From Bubble Tea to Hot Pot, a History of Chinese Food in Australia
Business card of Sun Goon Shing. Date unknown, on paper. Obtained from the Museum of Chinese Australian History Collection, 1992.12.02, by donor Andrew Muir. 
 
Chinese cooks believed this was what Anglo Australians wanted to eat, so kept making the same sweet dishes that Westerners ‘wanted’. 
 
With the abolition of the Act in 1966, a new wave of educated and affluent Chinese arrived. They did not need the assurance of ‘Chinatown’ to help them thrive and integrate; Chinese students started to flow in and settle into university towns and campuses.
 
The benefit was that Chinese restaurants and food started to spread as mainstream and no longer concentrated only in Chinatowns. This helped increase a wide range of Chinese cultural cuisine from many regions, ingredients yet unheard of in Australia, cooking methods still so strange to the average Sydneysider or Melburnian.
 
Food from foreign-sounding provinces like Sichuan or Jiangsu was on the rise - Chinese Chefs started migrating to Australia, not just Mums and Dads. 

The long-ago Chinese restaurant of the 80s and 90s so heavily influenced by early Chinese immigration laws gave way to the fresh, modern and fusion-style of Chinese food and even drink influence we have today across the country. 
 
From Bubble Tea to Hot Pot, a History of Chinese Food in Australia
Chinese Furniture Makers. Original newspaper clipping entitled 'Chinese Furniture Makers, LIttle Burke St.', from The Australian Sketcher, 24 April 1880. Paper and Ink. Obtained from the Museum of Chinese Australian History Collection, 1985.07.12. Donor Spencer Scotts and Ilands Gallery. 

The noughties saw a rise in dumpling culture, where entire restaurants were not just ‘Chinese’ restaurants but an entire ‘Dumpling’ restaurant. In the 2020s chains of sweet bubble tea franchises have queues out the front.
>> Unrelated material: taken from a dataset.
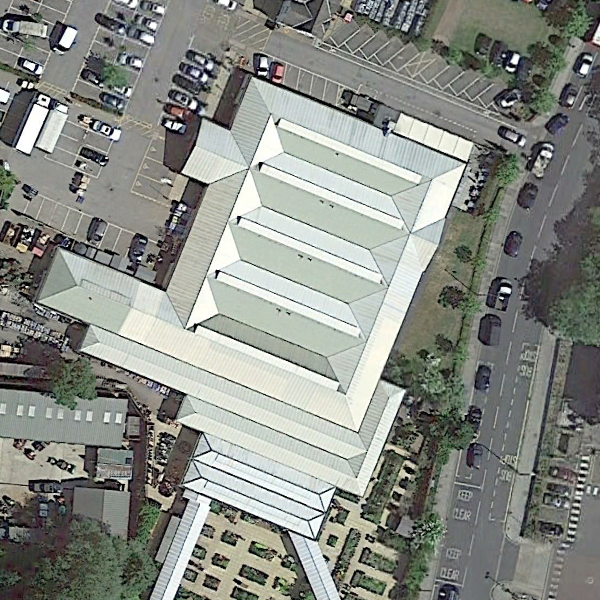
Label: Center
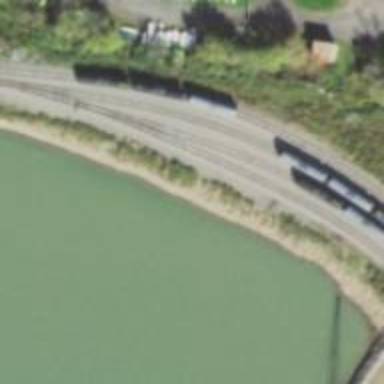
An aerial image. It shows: Rail spur service.

Hot pot is now a popular search word on the internet, with most common phrases being ‘Chinese Hot Pot at Home’, ‘Brisbane’s Best Hot Pot Restaurants’ and ‘Best Hot Pot Ingredients’.
 
Let’s not forget the hawker-style food courts, where back in the old days in China hawkers would sell street food from pushcarts or roadside stalls. Today, these cultural nods and references are trendy and entertainment complexes as well as trendy suburbs, aspire to have a hawker alley or a hawker market within their premises. 
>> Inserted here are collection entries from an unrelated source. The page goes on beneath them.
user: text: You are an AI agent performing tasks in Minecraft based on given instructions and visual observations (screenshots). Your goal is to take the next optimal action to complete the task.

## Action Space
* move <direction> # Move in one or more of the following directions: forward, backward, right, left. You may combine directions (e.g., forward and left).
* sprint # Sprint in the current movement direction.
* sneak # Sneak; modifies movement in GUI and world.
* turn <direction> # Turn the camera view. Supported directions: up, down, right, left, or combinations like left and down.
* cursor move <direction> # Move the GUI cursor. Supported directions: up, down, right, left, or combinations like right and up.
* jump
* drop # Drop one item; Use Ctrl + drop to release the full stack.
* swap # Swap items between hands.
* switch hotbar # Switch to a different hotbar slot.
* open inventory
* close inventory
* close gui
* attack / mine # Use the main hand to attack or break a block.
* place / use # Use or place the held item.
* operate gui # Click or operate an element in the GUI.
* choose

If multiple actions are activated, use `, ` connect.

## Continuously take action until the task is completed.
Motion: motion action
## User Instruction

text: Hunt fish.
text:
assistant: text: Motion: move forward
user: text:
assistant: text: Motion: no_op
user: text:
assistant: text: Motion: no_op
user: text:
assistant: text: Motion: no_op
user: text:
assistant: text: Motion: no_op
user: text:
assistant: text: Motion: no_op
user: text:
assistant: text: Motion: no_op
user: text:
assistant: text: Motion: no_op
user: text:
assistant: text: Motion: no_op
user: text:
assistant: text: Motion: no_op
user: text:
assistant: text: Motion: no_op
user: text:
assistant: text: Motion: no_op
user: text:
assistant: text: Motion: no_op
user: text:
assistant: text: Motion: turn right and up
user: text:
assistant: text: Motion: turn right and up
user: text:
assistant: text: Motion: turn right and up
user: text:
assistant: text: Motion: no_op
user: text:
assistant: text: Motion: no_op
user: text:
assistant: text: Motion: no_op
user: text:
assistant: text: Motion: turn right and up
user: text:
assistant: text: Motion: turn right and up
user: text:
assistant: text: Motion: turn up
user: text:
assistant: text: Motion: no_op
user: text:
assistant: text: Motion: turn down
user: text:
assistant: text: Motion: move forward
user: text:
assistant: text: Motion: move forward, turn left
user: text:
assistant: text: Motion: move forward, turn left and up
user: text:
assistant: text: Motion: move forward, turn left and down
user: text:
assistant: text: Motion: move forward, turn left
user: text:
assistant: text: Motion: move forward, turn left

The story of Chinese food in Australia is not just about satisfying taste buds but also a testament to the power of cultural exchange and integration. As we enjoy a variety of delectable dishes, we also celebrate the rich heritage and history behind each bite built on resilience, adaptation and the mingling of cultures.
 
Chinese cuisine has become a thread woven into the fabric of Australian culture, contributing to the country's cherished diversity and cosmopolitan identity, that we are thankful for.